The conclusions of RTCs are often wrongly applied to other contexts. RCTs do not have external validity. Establishing causality does nothing in and of itself to guarantee generalizability. Their results are not applicable outside the trial population. That doesn’t mean that RCTs are useless in other contexts. We can often learn much from coming to understand why replication failed and use that knowledge to make appropriate use of the original findings by looking for how the factors that caused the original result might be expected to operate differently in different settings. However, generalizability can only be obtained by thinking through the causal chain that has generated the RCT result, the underlying structures that support this causal chain, whether that causal chain might operate in a new setting and how it would do so with different joint distributions of the causal variables; we need to know why and whether that why will apply elsewhere.
Bertrand Russell’s chicken provides an excellent example of the limitations to straightforward extrapolation from repeated successful replication.

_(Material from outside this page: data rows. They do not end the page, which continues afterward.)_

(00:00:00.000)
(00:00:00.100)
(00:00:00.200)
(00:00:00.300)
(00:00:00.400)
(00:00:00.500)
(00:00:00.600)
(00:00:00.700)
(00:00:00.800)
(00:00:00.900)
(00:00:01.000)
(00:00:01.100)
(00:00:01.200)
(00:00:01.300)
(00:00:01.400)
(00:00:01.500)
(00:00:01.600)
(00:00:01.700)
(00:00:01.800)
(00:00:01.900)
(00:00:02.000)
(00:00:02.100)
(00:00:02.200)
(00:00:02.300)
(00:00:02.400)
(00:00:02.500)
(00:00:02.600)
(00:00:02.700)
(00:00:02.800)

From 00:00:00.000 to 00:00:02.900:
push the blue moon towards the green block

The bird infers, based on multiple repeated evidence, that when the farmer comes in the morning, he feeds her. The inference serves her well until Christmas morning, when he wrings her neck and serves her for Christmas dinner. Of course, our chicken did not base her inference on an RCT. But had we constructed one for her, we would have obtained exactly the same result.
The results of RCTs must be integrated with other knowledge, including the
practical wisdom of policy makers if they are to be usable outside the context in which they were constructed.

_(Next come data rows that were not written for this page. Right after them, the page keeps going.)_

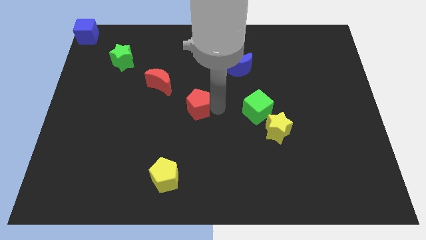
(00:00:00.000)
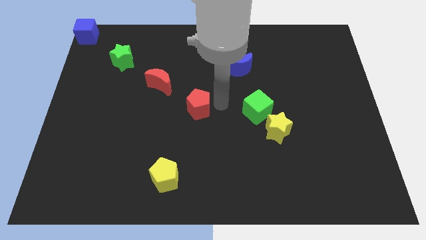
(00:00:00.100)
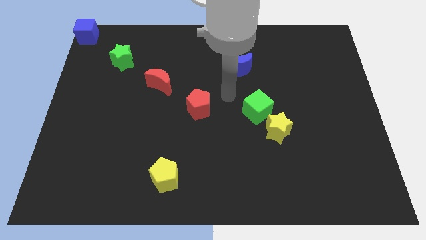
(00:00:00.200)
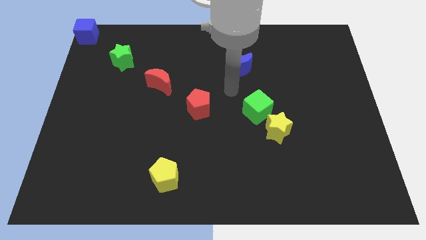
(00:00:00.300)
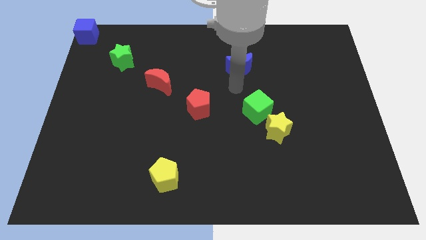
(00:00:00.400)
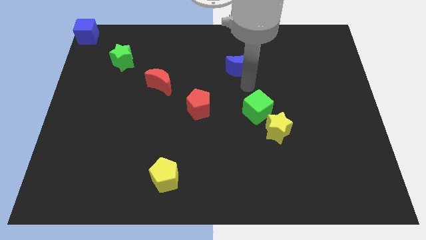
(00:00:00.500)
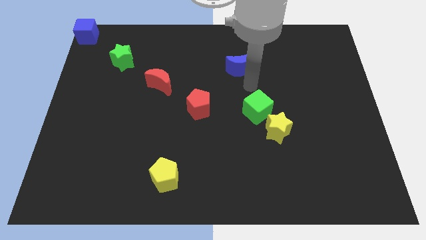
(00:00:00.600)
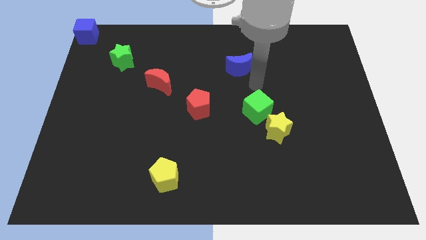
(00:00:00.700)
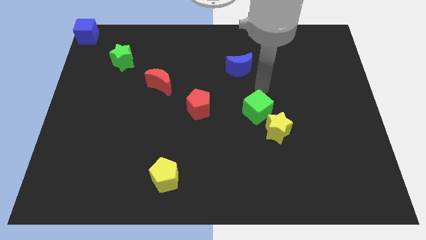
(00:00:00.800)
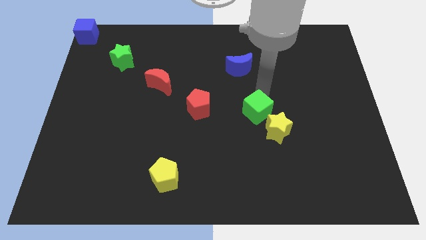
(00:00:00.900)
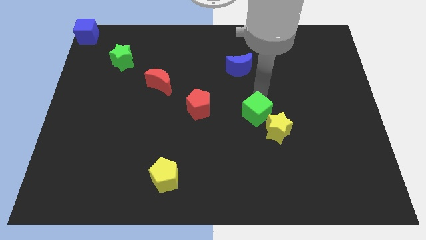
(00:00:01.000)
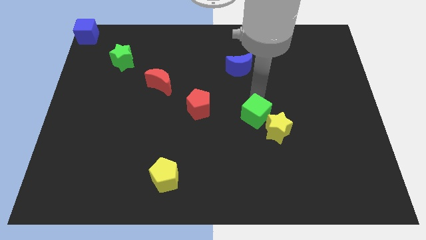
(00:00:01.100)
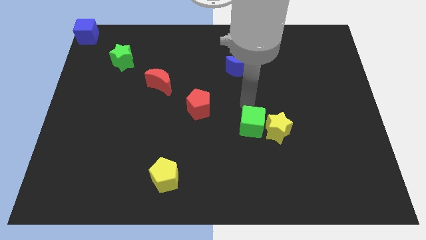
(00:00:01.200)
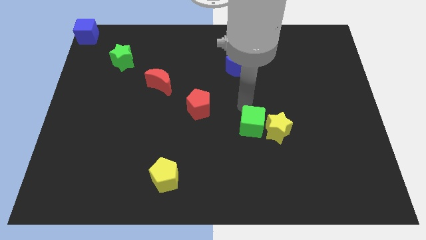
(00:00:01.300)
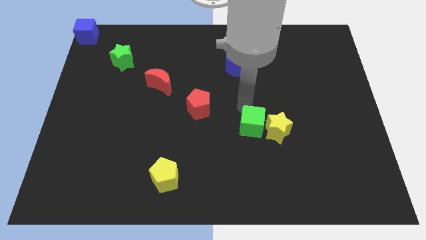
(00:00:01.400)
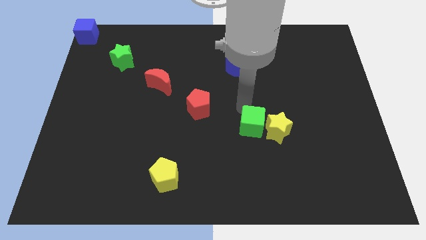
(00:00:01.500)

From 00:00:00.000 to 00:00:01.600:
push the green cube to the left of the yellow star

Another limitation of the results of RCTs relates to their scalability. As with other research methods, failure of trial results to replicate at a larger scale is likely to be the rule rather than the exception. Using RCT results is not the same as assuming the same results holds in all circumstances. Giving one child a voucher to go to private school might improve her future, but doing so for everyone can decrease the quality of education for those children who are left in the public schools.
Knowing “what works” in a trial population is of limited value without understanding the political and institutional environment in which it is set. Jean Drèze notes, based on extensive experience in India, “when a foreign agency comes in with its heavy boots and suitcases of dollars to administer a `treatment,’ whether through a local NGO or government or whatever, there is a lot going on other than the treatment.” There is also the suspicion that a treatment that works does so because of the presence of the “treators,” often from abroad, rather than because of the people who will be called to work it in reality. Unfortunately, there are few RCTs which are replicated after the pilot on the scaled-up version of the experiment.
This readable paper from one of the foremost experts in development economics provides a valuable counterweight to the often unnuanced admiration for everything RCTs. In a previous post, I discussed Poor Economics from “randomistas” Duflo and Banerjee. For those who want to know more, there is an excellent debate online between Abhijit Banerjee (J-PAL, MIT) and Angus Deaton on the merits of RCTs.